1)X: 5 12 17 22 27 32 37
Y: 1.1 2.8 5.1 8.8 12 15.2 17.3
a) Find x, when y= 12.8 ?
A) 22.85 B) 25.22 C) 28.25 D) 28.52
b) Find y when X= 19.3 ?
A) 6.082 B) 6.802 C) 6.028 D) 6.208
2) X:1 3 5 7 9 11 13 15
Y: 1 15 65 175 369 671 786 989
a) Find x when y= 100 ?
A) 14.321 B)14.213 C)14.123 D)14.231
b) find x when y=900
A)5.6436 B)5.6653 C)5.6463 D)5.6364
c) Find y when xis 10 ?
A) 550 B) 520 C)580 D) 540
d) find y when X is 4 ?
A) 40 B) 42 C) 38 D) 44
3) What is the value ∆⁵y₀ in terms of y₀,y₁ ,y₂ ?

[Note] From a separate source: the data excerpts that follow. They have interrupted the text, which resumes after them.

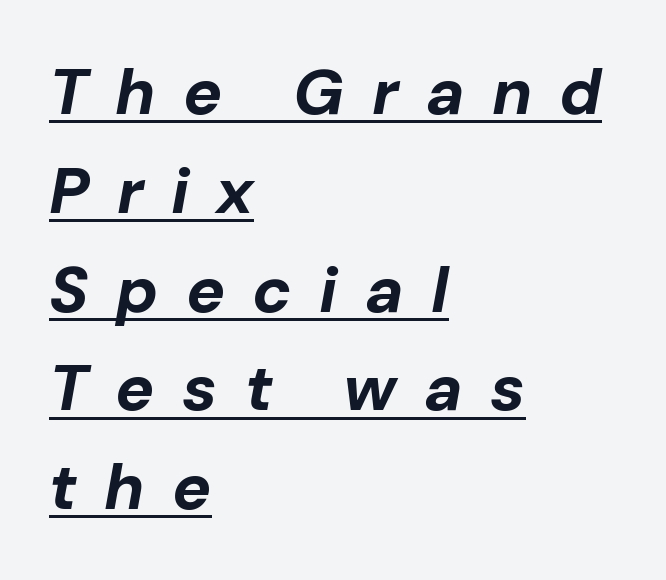
Q: Is the text bold? A: Yes.
Q: Is the text italic (slanted)? A: Yes, it leans right by about 10 degrees.
Q: Is the text underlined? A: Yes.
Q: How is the paragraph aligned? A: Left-aligned.
Q: Is the spacing between letters normal or unusually wide? A: Unusually wide.
Q: Is the spacing between lines tight, normal or loose? A: Normal.
Q: Width (condensed, normal, or wide)? A: Normal.
Q: Stroke contrast? A: Low.
Q: x-height? A: Medium.
Q: Monospaced? A: No.
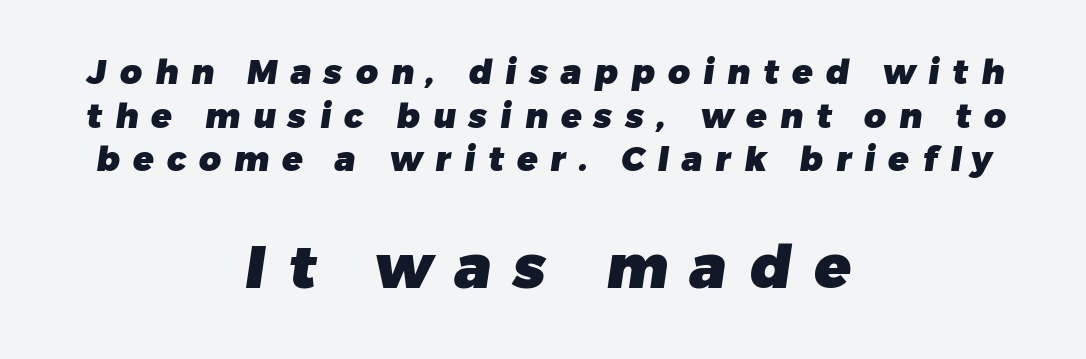
Q: Is the text bold? A: Yes.
Q: Is the typeface a serif or a sans-serif typeface? A: Sans-serif.
Q: Is the text underlined? A: No.
Q: How is the paragraph aligned? A: Centered.
Q: Is the spacing between letters normal or unusually wide? A: Unusually wide.
Q: Is the spacing between lines tight, normal or loose? A: Normal.
Q: Which block of text is set in a larger size, the first (top) or the second (bottom)? A: The second (bottom) one.
Q: Width (condensed, normal, or wide)? A: Normal.
Q: Stroke contrast? A: Low.
Q: x-height? A: Medium.
Q: Monospaced? A: No.
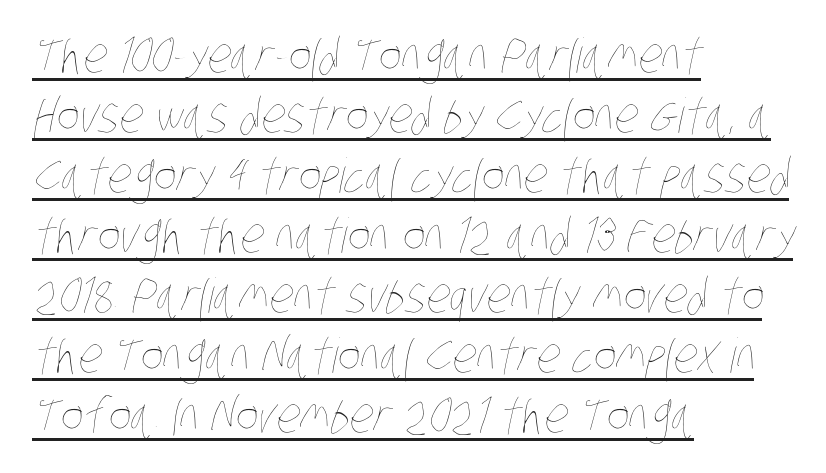
Think standard paragraph weight, or any step lighter than that. These lines are set flush left with a ragged right edge. A typesetter would call this proportional, since set widths differ per character. What decoration does the sample have? An underline.
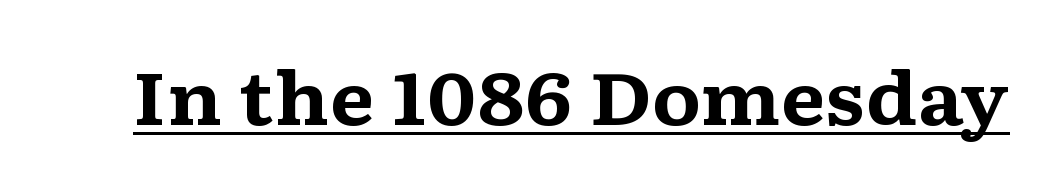
The image shows 73 px bold, wide serif type, upright; set normal letter spacing, underlined; medium stroke contrast and a medium x-height.
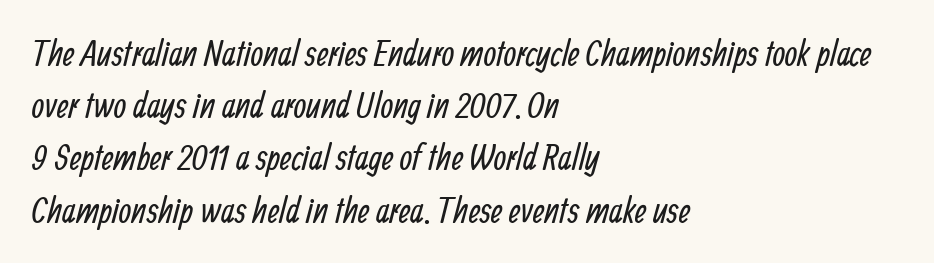
The designer went with a sans here, leaving each stem footless. Nothing heavy about these letters — not bold at all. Spacing verdict: proportional, widths tailored to each character. Interline gaps are of average width in this sample. This rendering uses left alignment, leaving the right contour irregular.
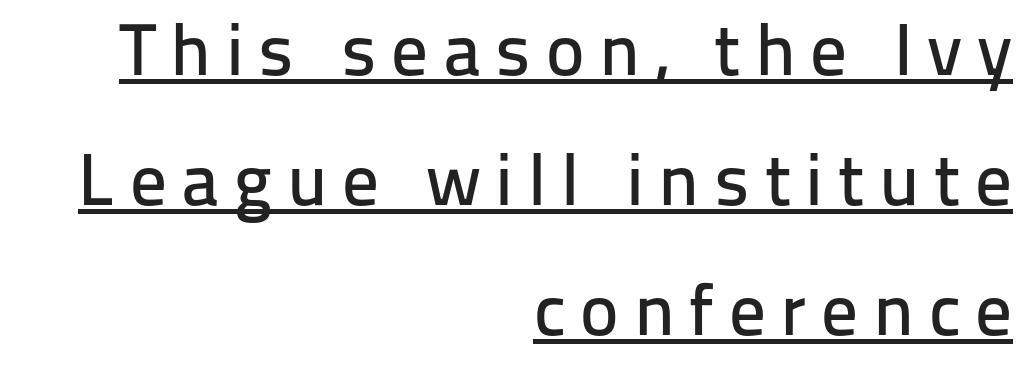
Q: Is the text italic (slanted)? A: No, it is upright.
Q: Is the typeface a serif or a sans-serif typeface? A: Sans-serif.
Q: Is the text underlined? A: Yes.
Q: How is the paragraph aligned? A: Right-aligned.
Q: Is the spacing between letters normal or unusually wide? A: Unusually wide.
Q: Width (condensed, normal, or wide)? A: Normal.
Q: Stroke contrast? A: Low.
Q: x-height? A: Medium.
Q: Monospaced? A: No.
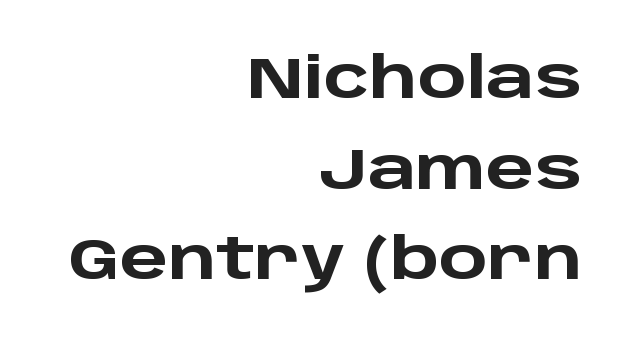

A) y₅ - 6y₄ + 10y₃ - 10y₂ + 5y₁ - y₀
B) y₅ - 5y₄ + 10y₃ - 10y₂ + 5y₁ - y₀
C) y₅ - 5y₄ + 10y₃ - 12y₂ + 5y₁ - y₀
D) y₅ - 5y₄ + 10y₃ - 10y₂ + 7y₁ - y₀
4) Given y₀= (10-x)(15+x), y₁= (17-x)(6+x), y₂ = (8+x)(9-x), y₃ = 100, obtain a value of x such that the second difference of y are constant.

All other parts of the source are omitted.